Representative Results
Extensive evaluations across discrete action spaces (Atari benchmarks) and continuous control tasks (MuJoCo suite) demonstrate that CaRe-BN significantly resolves the issue of imprecise moving statistics. SNN-based agents equipped with CaRe-BN consistently achieved higher exploration returns, converged faster, and exhibited significantly lower variance compared to standard SNNs.

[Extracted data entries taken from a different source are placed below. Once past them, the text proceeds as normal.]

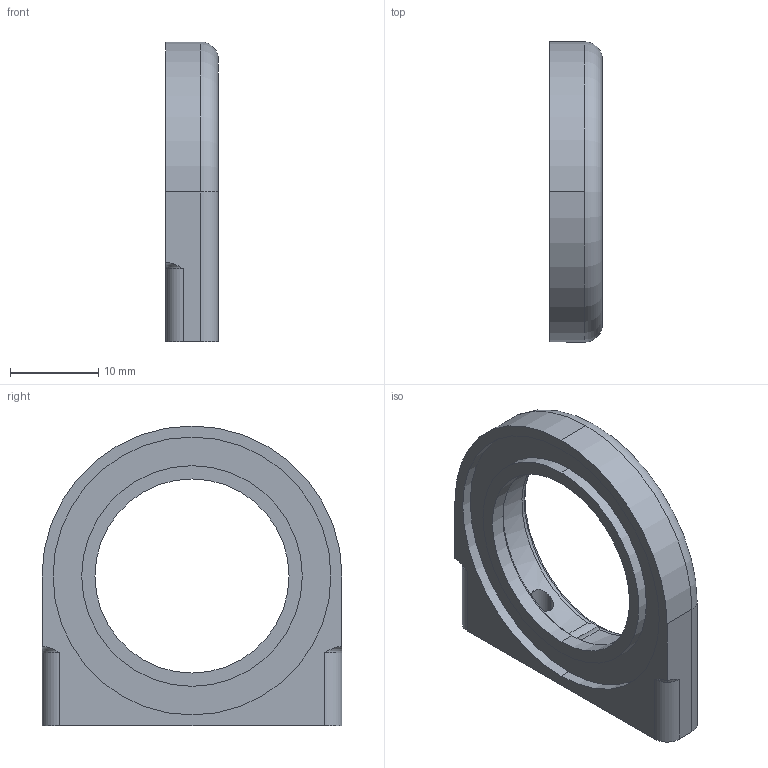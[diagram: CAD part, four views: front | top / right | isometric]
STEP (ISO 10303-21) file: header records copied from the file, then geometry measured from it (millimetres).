
FILE_DESCRIPTION (( 'STEP AP214' ), '1' );
FILE_NAME ('SAM_wrist_eyelet_friction.STEP', '2025-01-01T01:46:35', ( '' ), ( '' ), 'SwSTEP 2.0', 'SolidWorks 2023', '' );
FILE_SCHEMA (( 'AUTOMOTIVE_DESIGN' ));
Length unit declared in the file: millimetre
Products named in the file (1): SAM_wrist_eyelet_friction
Bounding box: 6 x 34 x 34 mm (x, y, z)
Volume: 3174.7 mm3; surface area: 2758.3 mm2
Topology: 1 solids, 1 shells, 56 faces, 135 edges, 83 vertices
Faces by surface type: cylinder 25, plane 14, cone 12, torus 5
Entity records: 1738 total; most frequent: CARTESIAN_POINT 377, DIRECTION 297, ORIENTED_EDGE 270, EDGE_CURVE 135, AXIS2_PLACEMENT_3D 123, VERTEX_POINT 83, CIRCLE 66, EDGE_LOOP 64

Notably, when paired with the TD3 algorithm, CaRe-BN allowed simple SNNs to surpass the performance of traditional ANN-based RL agents by an average of 5.9%, establishing a new state-of-the-art normalization strategy that bridges the gap between neuromorphic efficiency and high-performance RL.
研究背景与问题
背景
脉冲神经网络(SNN)通过模拟生物神经元的事件驱动动态,具备高能效、低时延的决策能力,因此非常适合部署在神经形态硬件上。
现有方法的局限
然而,传统批归一化(BN)在在线强化学习(RL)场景中会出现明显失效,因为面对持续变化的数据分布,移动统计量难以被准确估计,进而导致训练不稳定以及策略性能不理想。
我们的思路
为解决这些问题,我们提出了 Confidence-adaptive and Re-calibration Batch Normalization(CaRe-BN),这是一种专门面向 SNN 强化学习场景设计的新型归一化策略,能够在不打断训练流程的前提下提供更精确的统计量并稳定训练过程。
创新点
- 提出 Ca-BN(置信度自适应更新)机制,通过置信度加权的移动估计器,根据当前近似结果的可靠性动态调整统计量估计,从而保证无偏性并降低方差。
- 提出 Re-BN(重校准)机制,利用经验回放缓冲区的重采样周期性修正推理统计量,并纠正累积的估计误差。
- 保持了 SNN 原有的高能效特性;CaRe-BN 层在训练完成后可以无缝融合进突触权重,部署时不会带来额外推理开销。
- 在不同脉冲神经元模型和强化学习算法上取得当前最优结果,SNN 性能最高提升 22.6%,并显著超过 ANN 强化学习基线 5.9%。
核心方法
CaRe-BN 框架通过两个互补机制,在强化学习的非平稳动态环境下实现对 BN 统计量的精确、低方差估计。首先,Ca-BN 模块在每次更新时都会执行,作为一种基于置信度引导的机制,在分布发生漂移时自适应地重加权估计器,以最小化 BN 统计量的均方误差。其次,考虑到在线估计仍可能因随机小批量噪声而发生漂移,Re-BN 模块会周期性执行。它从经验回放缓冲区中抽取聚合后的校准批次来计算更精确的统计量,从而在不需要数百万次前向传播的前提下有效修正累积偏差。
代表性结果
在离散动作空间(Atari 基准)和连续控制任务(MuJoCo 套件)上的广泛实验表明,CaRe-BN 能够显著缓解移动统计量不精确的问题。配备 CaRe-BN 的 SNN 智能体在探索回报、收敛速度和方差表现上均优于标准 SNN。尤其是在与 TD3 算法结合时,CaRe-BN 使简单 SNN 的平均性能超过传统基于 ANN 的强化学习智能体 5.9%,建立了一种连接神经形态高能效与高性能强化学习的新型归一化策略。